The first time I encountered this, I was racking my brain trying to remember what garment was called veckor to find out what they were wearing.


[deactivated user]

    What? I though "drygt" meant "approximately".


    https://www.duolingo.com/profile/devalanteriel

    A small percentage of the population does use it like that, but the overwhelming majority uses the traditional meaning of "slightly more than".


    https://www.duolingo.com/profile/MattBush2

    It's not a direct translation, but would We have just over three weeks left convey the same meaning?


    https://www.duolingo.com/profile/devalanteriel

    Often, yes, though it does have the direct equivalent ... veckor kvar.


    https://www.duolingo.com/profile/LukaZwaan

    So how would you say "We have just over three weeks to ourselves" in Swedish?


    https://www.duolingo.com/profile/devalanteriel

    Vi har drygt tre veckor för oss själva.


    https://www.duolingo.com/profile/BrianClift1

    I think this should be allowed: we have just over three weeks left


    https://www.duolingo.com/profile/devalanteriel

    Please refer to Anders91's above comment on that.


    https://www.duolingo.com/profile/Juan49481

    Confusing sentence fragment because we don't know what is being referred to


    https://www.duolingo.com/profile/JimNolt

    Would/Could if ever be said without the "pä oss?" Vi har drygt tre veckor. Perhaps in response to, "Hur mycket tid har vi för att avsluta jobbet?"


    https://www.duolingo.com/profile/devalanteriel

    Yes, absolutely.


    https://www.duolingo.com/profile/Egbert-NL

    Is 'pa oss' a necessary addition? It isn't translated


    https://www.duolingo.com/profile/devalanteriel

    Yes, it's a very idiomatic Swedish construction.


    https://www.duolingo.com/profile/doveres

    Should "We have a little more than weeks" be an acceptable answer?


    https://www.duolingo.com/profile/devalanteriel

    The construction is fine, but you're missing the "three". :)


    https://www.duolingo.com/profile/doveres

    Ha! I've been housebound too long.
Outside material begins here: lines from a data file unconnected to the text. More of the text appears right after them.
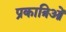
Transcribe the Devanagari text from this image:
प्रकात्रिओं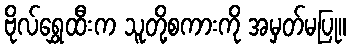
ဗိုလ်ရွှေထီးက သူတို့စကားကို အမှတ်မပြု။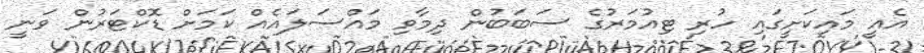
އެއީ މައިކަށީގައި ހުރި ޓިއުމަރުގެ ސަބަބުން ދިމާވި މައްސަލައެއް ކަމަށް ޑޮކްޓަރުން ވަނީ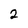
Character: 2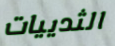
الثدييات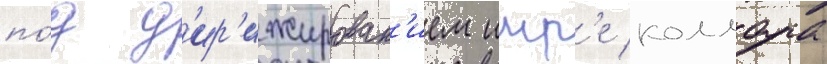
по́д д'ир'ижирован'ием имр'е коллара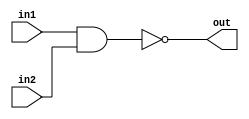
// Developed by Aashi Srivastava
//TITLE: NAND GATE INSTANTIATION

module nandGate_Ins (in1, in2, out); //module name assignment
    input in1, in2; //one-bit inputs (input-1, input-2)
    output out;

nand N(out,in1, in2); //here or module (in-built) has been instantiated
    
endmodule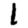
Digit: 1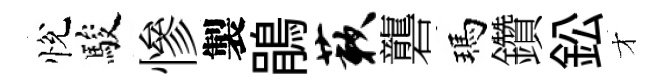
悅駿慘製鵑蔌礱瑪鑽鈆才
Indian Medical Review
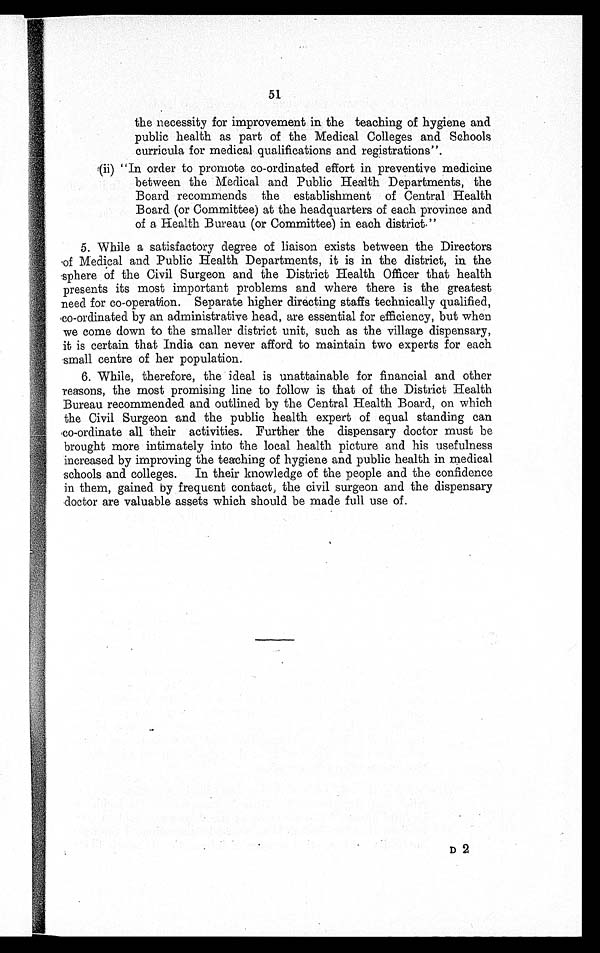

LOL


    https://www.duolingo.com/profile/RainIsHere

    why did we use "på oss" in this sentence?


    https://www.duolingo.com/profile/devalanteriel

    Please see the top-level comment chain.


    https://www.duolingo.com/profile/Tim_Erlandsson

    "We have approximately tree weeks on our hands." should be treated as a correct answer, since, even though "drygt" means slightly more than in most cases, it can still be used as "slightly less- or more than".


    https://www.duolingo.com/profile/devalanteriel

    It's used to mean "approximately" by a minority of Swedes, but this minority is small enough that it's generally a bad idea to teach this meaning.


    https://www.duolingo.com/profile/brevskrivning

    So what's wrong with 'We have just over three weeks left'. Picky, picky.


    https://www.duolingo.com/profile/MarvelMani1

    to me (Canadian native English speaker), adding the "left" indicates the timespan has already begun and the three weeks refers to the remaining time.

    But "We have just over (slightly more than) three weeks" on its own can also be used before the activity has even begun, just to indicate the amount of time allocated for the entire activity.

    So adding the "left" to the translation adds a nuance that is not indicated in the original.